Espresso: Almighty Crema

Crema! A Sign of Good Espresso, or a Symptom of Bad Espresso

The presence of crema, the foam on your espresso, means you are in the ballpark ... within range of having the variables of temperature, pressure, tamping, etc. under control. That is, unless your machine has a crema-enhancing attachment. But even then, you might still have honest crema, and you should be able to tell by "diagnosing" it. Crema is a part of the espresso beverage. Espresso is not meant to be all crema, nor should it have less than 1/10th crema. Crema is part of the visual lure of espresso, the aromatics, the mouthfeel, the flavor and long-lasting aftertaste or espresso. In its technical definition, crema is gas bubbles suspended in a liquid film, that has high "surface tension" between the water molecules. Crema should be compact and persistent: it should last 2 minutes before the suspended water molecules drain, the entrapped gas is released and the liquid underneath shows through.

Crema Diagnotics: Hopefully this chart will help a bit. Oftentimes, symptoms that appear in crema might be several problems and treating one cause will simply reveal another problem. Also remember that the taste of espresso trumps appearance (duh!) so if you have a 15 second shot with fading, light cream, but you love the flavor, to heck with how the crema looks!

Is the crema a very light tan/yellow color? Did the extraction take under 15 seconds? (Light crema can also indicate low water temperature).

Problem: Underextraction.

Solutions: Increase extraction time by grinding coffee finer, or tamping harder. And did you use enough coffee? Increase fineness of grind to extend extraction timeTemperature: Check water teamperature. Was the machine, the group, the coffee handle all warmed up properly? Unlikely but possible cause is that you homeroast, and the coffee is too fresh ... was the coffee rested long enough to degas? Many people prefer 48+ hours of resting after roasting for espresso use.

Does the espresso have a very light tan dot in the middle of extremely dark crema color? Did it take 10 seconds for the first drops of espresso to appear? Did the espresso come out in drops, never becoming a stream? Did the extraction take over 30 seconds?

Problem: Overextraction.

Solutions: Make the grind a little coarser, back off on the pressure when you tamp the coffee. Did you use too much coffee? The range is 7 to 11 grams per single espresso.

Did the espresso have great crema color, then visibly drop 1/4 inch or more in the cup as it sat for the first 1 minute? Was the surface of the espresso marked by very large, unstable bubbles in the crema? Is the crema pale?

Problem: Fast extraction, or light roast too.

Solutions: This might be a combination of short extraction and lighter roast. You will also get a less persistent crema if you use robusta in your blend ... you have more crema perhaps but it fades sooner.

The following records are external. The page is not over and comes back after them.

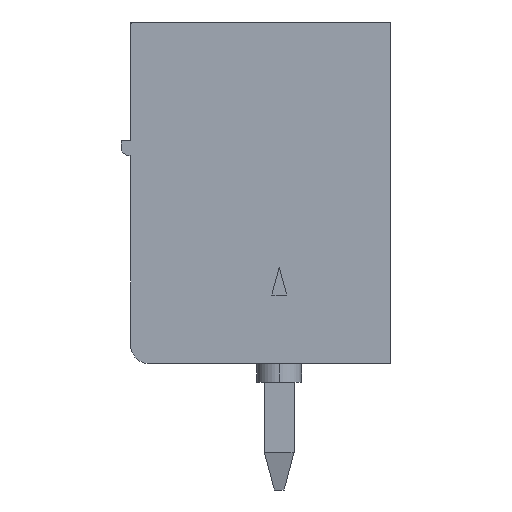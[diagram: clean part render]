
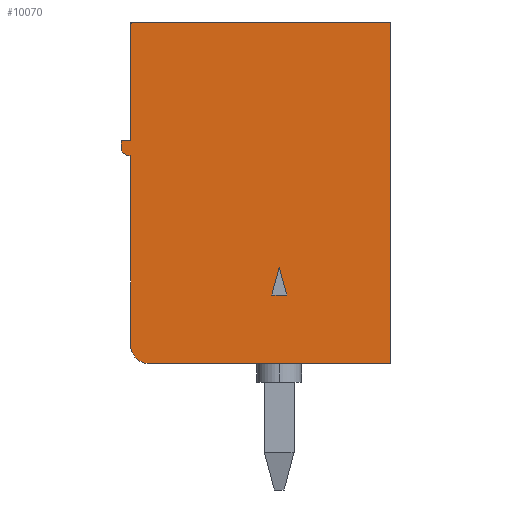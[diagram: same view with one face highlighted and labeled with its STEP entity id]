
A CAD part, left-side view. The second image highlights one B-rep face of the part: STEP entity #10070.
In plain terms, the highlighted planar face has unit normal (-1, 0, 0).
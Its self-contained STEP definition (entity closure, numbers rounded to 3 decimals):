
#1679=CARTESIAN_POINT('',(-12.125,4.,9.1));
#1680=VERTEX_POINT('',#1679);
#1687=CARTESIAN_POINT('',(-12.125,3.9,9.2));
#1688=VERTEX_POINT('',#1687);
#1689=CARTESIAN_POINT('',(-12.125,3.9,9.1));
#1690=DIRECTION('',(-1.0,0.0,0.0));
#1691=DIRECTION('',(0.0,0.0,1.0));
#1692=AXIS2_PLACEMENT_3D('',#1689,#1690,#1691);
#1693=CIRCLE('',#1692,0.1);
#1694=EDGE_CURVE('',#1688,#1680,#1693,.T.);
#1913=CARTESIAN_POINT('',(-12.125,0.,2.6));
#1914=VERTEX_POINT('',#1913);
#1922=CARTESIAN_POINT('',(-12.125,-0.201,1.85));
#1923=VERTEX_POINT('',#1922);
#1930=CARTESIAN_POINT('',(-12.125,-0.201,1.85));
#1931=DIRECTION('',(0.0,0.259,0.966));
#1932=VECTOR('',#1931,0.776);
#1933=LINE('',#1930,#1932);
#1934=EDGE_CURVE('',#1923,#1914,#1933,.T.);
#1944=CARTESIAN_POINT('',(-12.125,0.201,1.85));
#1945=VERTEX_POINT('',#1944);
#1954=CARTESIAN_POINT('',(-12.125,0.,2.6));
#1955=DIRECTION('',(0.0,0.259,-0.966));
#1956=VECTOR('',#1955,0.776);
#1957=LINE('',#1954,#1956);
#1958=EDGE_CURVE('',#1914,#1945,#1957,.T.);
#1971=CARTESIAN_POINT('',(-12.125,0.201,1.85));
#1972=DIRECTION('',(0.0,-1.0,0.0));
#1973=VECTOR('',#1972,0.402);
#1974=LINE('',#1971,#1973);
#1975=EDGE_CURVE('',#1945,#1923,#1974,.T.);
#2802=CARTESIAN_POINT('',(-12.125,4.,0.5));
#2803=VERTEX_POINT('',#2802);
#2821=CARTESIAN_POINT('',(-12.125,3.5,0.));
#2822=VERTEX_POINT('',#2821);
#2829=CARTESIAN_POINT('',(-12.125,3.5,0.5));
#2830=DIRECTION('',(-1.0,0.0,0.0));
#2831=DIRECTION('',(0.0,0.0,1.0));
#2832=AXIS2_PLACEMENT_3D('',#2829,#2830,#2831);
#2833=CIRCLE('',#2832,0.5);
#2834=EDGE_CURVE('',#2803,#2822,#2833,.T.);
#3004=CARTESIAN_POINT('',(-12.125,4.25,5.8));
#3005=VERTEX_POINT('',#3004);
#3023=CARTESIAN_POINT('',(-12.125,4.05,5.6));
#3024=VERTEX_POINT('',#3023);
#3031=CARTESIAN_POINT('',(-12.125,4.05,5.8));
#3032=DIRECTION('',(-1.0,0.0,0.0));
#3033=DIRECTION('',(0.0,0.0,1.0));
#3034=AXIS2_PLACEMENT_3D('',#3031,#3032,#3033);
#3035=CIRCLE('',#3034,0.2);
#3036=EDGE_CURVE('',#3005,#3024,#3035,.T.);
#4533=CARTESIAN_POINT('',(-12.125,4.,5.6));
#4534=VERTEX_POINT('',#4533);
#4550=CARTESIAN_POINT('',(-12.125,4.,0.5));
#4551=DIRECTION('',(0.0,0.0,1.0));
#4552=VECTOR('',#4551,5.1);
#4553=LINE('',#4550,#4552);
#4554=EDGE_CURVE('',#2803,#4534,#4553,.T.);
#5555=CARTESIAN_POINT('',(-12.125,-3.,0.));
#5556=VERTEX_POINT('',#5555);
#5573=CARTESIAN_POINT('',(-12.125,-3.,9.2));
#5574=VERTEX_POINT('',#5573);
#5581=CARTESIAN_POINT('',(-12.125,-3.,0.));
#5582=DIRECTION('',(0.0,0.0,1.0));
#5583=VECTOR('',#5582,9.2);
#5584=LINE('',#5581,#5583);
#5585=EDGE_CURVE('',#5556,#5574,#5584,.T.);
#6423=CARTESIAN_POINT('',(-12.125,3.9,9.2));
#6424=DIRECTION('',(0.0,-1.0,0.0));
#6425=VECTOR('',#6424,6.9);
#6426=LINE('',#6423,#6425);
#6427=EDGE_CURVE('',#1688,#5574,#6426,.T.);
#6967=CARTESIAN_POINT('',(-12.125,4.,6.0));
#6968=VERTEX_POINT('',#6967);
#6983=CARTESIAN_POINT('',(-12.125,4.25,6.0));
#6984=VERTEX_POINT('',#6983);
#6991=CARTESIAN_POINT('',(-12.125,4.25,6.0));
#6992=DIRECTION('',(0.0,-1.0,0.0));
#6993=VECTOR('',#6992,0.25);
#6994=LINE('',#6991,#6993);
#6995=EDGE_CURVE('',#6984,#6968,#6994,.T.);
#7430=CARTESIAN_POINT('',(-12.125,3.5,0.));
#7431=DIRECTION('',(0.0,-1.0,0.0));
#7432=VECTOR('',#7431,6.5);
#7433=LINE('',#7430,#7432);
#7434=EDGE_CURVE('',#2822,#5556,#7433,.T.);
#7500=CARTESIAN_POINT('',(-12.125,4.,5.6));
#7501=DIRECTION('',(0.0,1.0,0.0));
#7502=VECTOR('',#7501,0.05);
#7503=LINE('',#7500,#7502);
#7504=EDGE_CURVE('',#4534,#3024,#7503,.T.);
#9182=CARTESIAN_POINT('',(-12.125,4.25,5.8));
#9183=DIRECTION('',(0.0,0.0,1.0));
#9184=VECTOR('',#9183,0.2);
#9185=LINE('',#9182,#9184);
#9186=EDGE_CURVE('',#3005,#6984,#9185,.T.);
#9669=CARTESIAN_POINT('',(-12.125,4.,6.0));
#9670=DIRECTION('',(0.0,0.0,1.0));
#9671=VECTOR('',#9670,3.1);
#9672=LINE('',#9669,#9671);
#9673=EDGE_CURVE('',#6968,#1680,#9672,.T.);
#10047=CARTESIAN_POINT('',(-12.125,-3.,0.));
#10048=DIRECTION('',(-1.0,0.0,0.0));
#10049=DIRECTION('',(0.0,0.0,1.0));
#10050=AXIS2_PLACEMENT_3D('',#10047,#10048,#10049);
#10051=PLANE('',#10050);
#10052=ORIENTED_EDGE('',*,*,#7434,.T.);
#10053=ORIENTED_EDGE('',*,*,#5585,.T.);
#10054=ORIENTED_EDGE('',*,*,#6427,.F.);
#10055=ORIENTED_EDGE('',*,*,#1694,.T.);
#10056=ORIENTED_EDGE('',*,*,#9673,.F.);
#10057=ORIENTED_EDGE('',*,*,#6995,.F.);
#10058=ORIENTED_EDGE('',*,*,#9186,.F.);
#10059=ORIENTED_EDGE('',*,*,#3036,.T.);
#10060=ORIENTED_EDGE('',*,*,#7504,.F.);
#10061=ORIENTED_EDGE('',*,*,#4554,.F.);
#10062=ORIENTED_EDGE('',*,*,#2834,.T.);
#10063=EDGE_LOOP('',(#10052,#10053,#10054,#10055,#10056,#10057,#10058,#10059,#10060,#10061,#10062));
#10064=FACE_OUTER_BOUND('',#10063,.T.);
#10065=ORIENTED_EDGE('',*,*,#1975,.F.);
#10066=ORIENTED_EDGE('',*,*,#1958,.F.);
#10067=ORIENTED_EDGE('',*,*,#1934,.F.);
#10068=EDGE_LOOP('',(#10065,#10066,#10067));
#10069=FACE_BOUND('',#10068,.T.);
#10070=ADVANCED_FACE('',(#10064,#10069),#10051,.T.);

Does the crema have a rich dark color of tightly compacted foam? And/or does it have darker striations producing a "tiger skin" effect?

Problem: None!

Solutions: This is how I like my espresso to look. But remember, espresso is a matter of taste and my "perfect espresso" might be a bit overextracter for some people. In Brazil they like a quick extraction time and a lighter roast than most of us West Coast Californians would prefer... to each their own. But when I see the modest amount of dark speckling over substantial amounts of crema, tightly compacted and persistent crema, with perhaps a lighter swiggle in the middle from the last drops of the shot ... I anticipate something good.

Does the espresso have a thin crema with large oil globules? Did it take a really long time to produce 1 oz of liquid? Did it come out of the coffee handle one drop at a time?

Problem: WAY Overextracted

Solutions: Make the grind coarser, back off on the pressure when you tamp the coffee. Did you use too much coffee? The range is 7 to 11 grams per single espresso.

 

Does the espresso have grit in the cup after you finish?

Problem: Grind too fine

Solutions: Make the grind coarser.

The problems you cannot see: bad taste! Bitterness in espresso is a popular complaint. Before you blame the coffee, you need to make sure the machine is clean. A very bad, acrid bitterness results from machines/coffee handles that are dirty. A thorough cleaning of a neglected machine can be a considerable undertaking. I cleaned a La San Marco for 2 days straight trying to remove the cause of my bitter espresso. When the machine is clean, you should be able to do a dry-run with no coffee in the portafilter (meaning, run hot water into the cup through the coffee handle) ... then let the water cool and taste it. If it tastes good, your machine should be clean.